Por outro lado, essas histórias existiram e ainda existem. Vão existir por muito tempo. E elas precisam ser levadas em conta pelo feminismo. Elas precisam ser visibilizadas. Não adianta debater feminismo na academia e se esquecer de que há mulheres sacrificando suas vidas, seu tempo, lazer e a convivência com seus próprios filhos para que outras mulheres se libertem, seja sua mãe ou sua “empregada”. A libertação não será individual.
No fim, o que queria dizer é que o feminismo mudou minha forma de me relacionar com minha mãe, mas que foi preciso que esse feminismo mudasse a si mesmo antes de tudo. Que ele se tornasse interseccional. Inclusive, que ele fizesse o caminho de volta pra casa, que se voltasse um pouco para o espaço doméstico, quando durante toda a sua história o que ele queria era ir para o espaço público. Minha mãe não foi uma mulher que precisou ficar longe enquanto eu crescia, caso de milhares de outras, cuidando dos filhos dos outros. Mas ela sacrificou muita coisa por outras pessoas e também por mim e durante parte da minha militância ela ficou esquecida.
Meu objetivo aqui não é apontar caminhos, nem em uma direção nem em outra. Não é louvar de forma acrítica o trabalho doméstico e a maternagem como atividades primordiais da mulher, como se esse sacrifício fosse natural e maravilhoso, nem dizer que o ideal é que as mulheres tenham profissão e que a mulher que fica em casa é escravizada e vítima sempre. Os tempos mudaram. Há mudanças e fissuras e há permanências, estruturas. O que quero dizer é que nem todas já podem escolher, e que precisamos visibilizar o trabalho doméstico dentro do feminismo, sem demonizá-lo nem louvá-lo.

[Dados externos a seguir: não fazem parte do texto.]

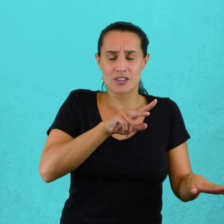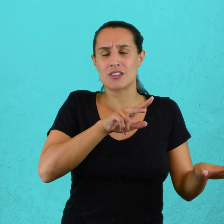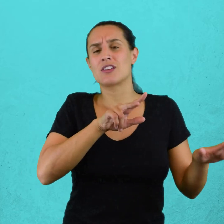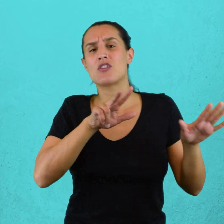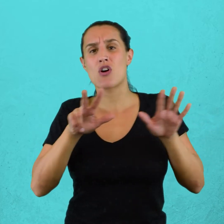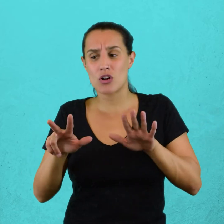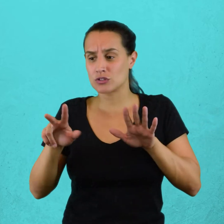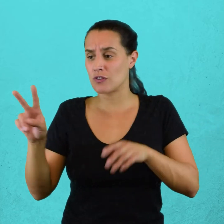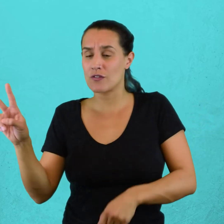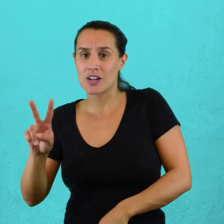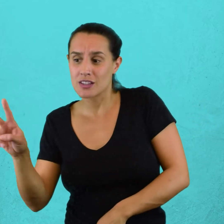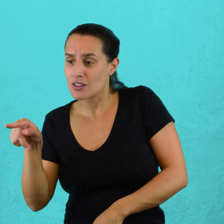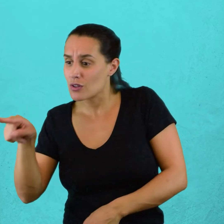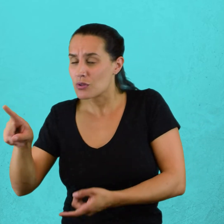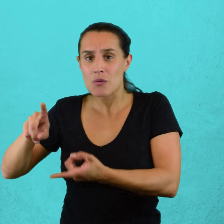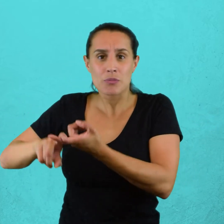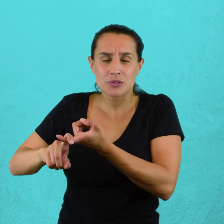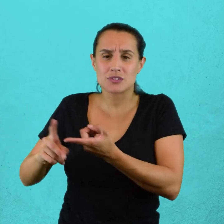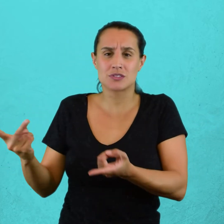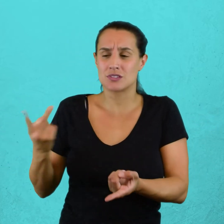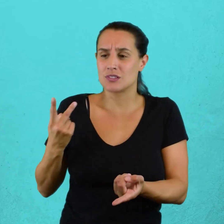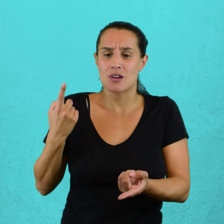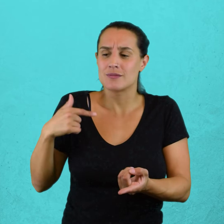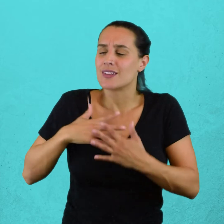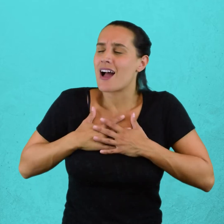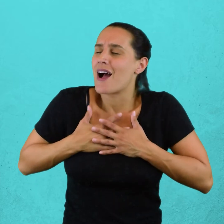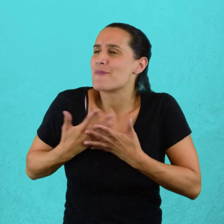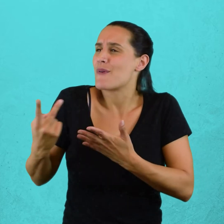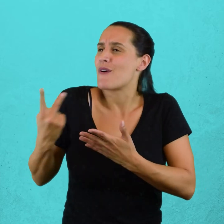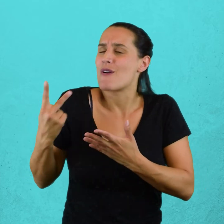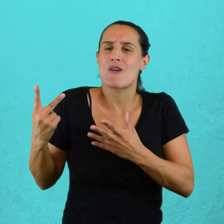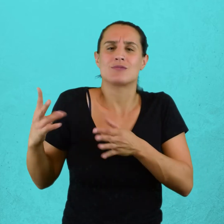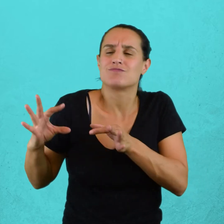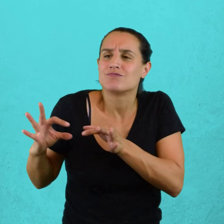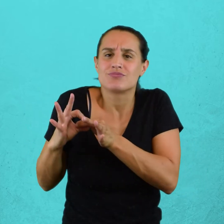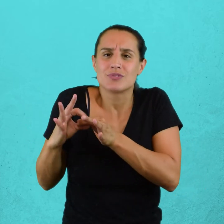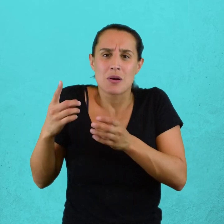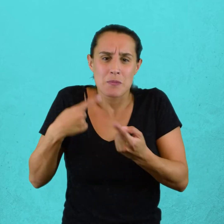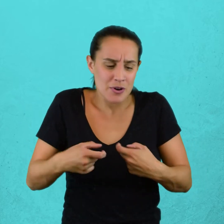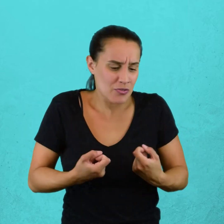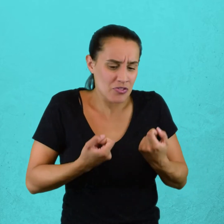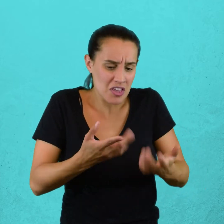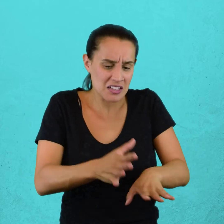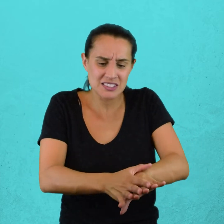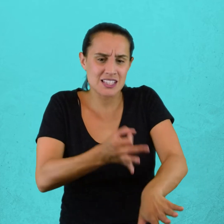22 ella. Y toda su apasionada ternura no alcanzaba a crear un átomo de vida normal.

Precisamos falar sobre trabalho doméstico coletivizado, seja o cuidado com as crianças, seja com a alimentação e a limpeza. Precisamos falar sobre trabalho doméstico e questões raciais. Sobre a divisão igualitária de tarefas entre homens e mulheres, pais e mães, e além, porque a família não pode dar conta de tudo. Sobre qual mulher avança e qual mulher fica pra trás. Sobre a feminista e suas relações com sua mãe e com a trabalhadora doméstica que trabalha em sua casa.
Que o feminismo permita às mulheres amar a admirar as mulheres ao seu redor como eu aprendi a amar e a admirar minha mãe e mulheres como minha mãe, em toda a sua complexidade e simplicidade, força e beleza. E, mais do que isso, a serem justas umas com as outras e a lutar pelo direito de todas, porque o feminismo é afeto, mas é mais do que isso: é a busca e a realização de direitos e de justiça.
*Vanessa Fogaça Prateano é jornalista, mestranda em Estudos de Gênero, estudante de Direito e feminista.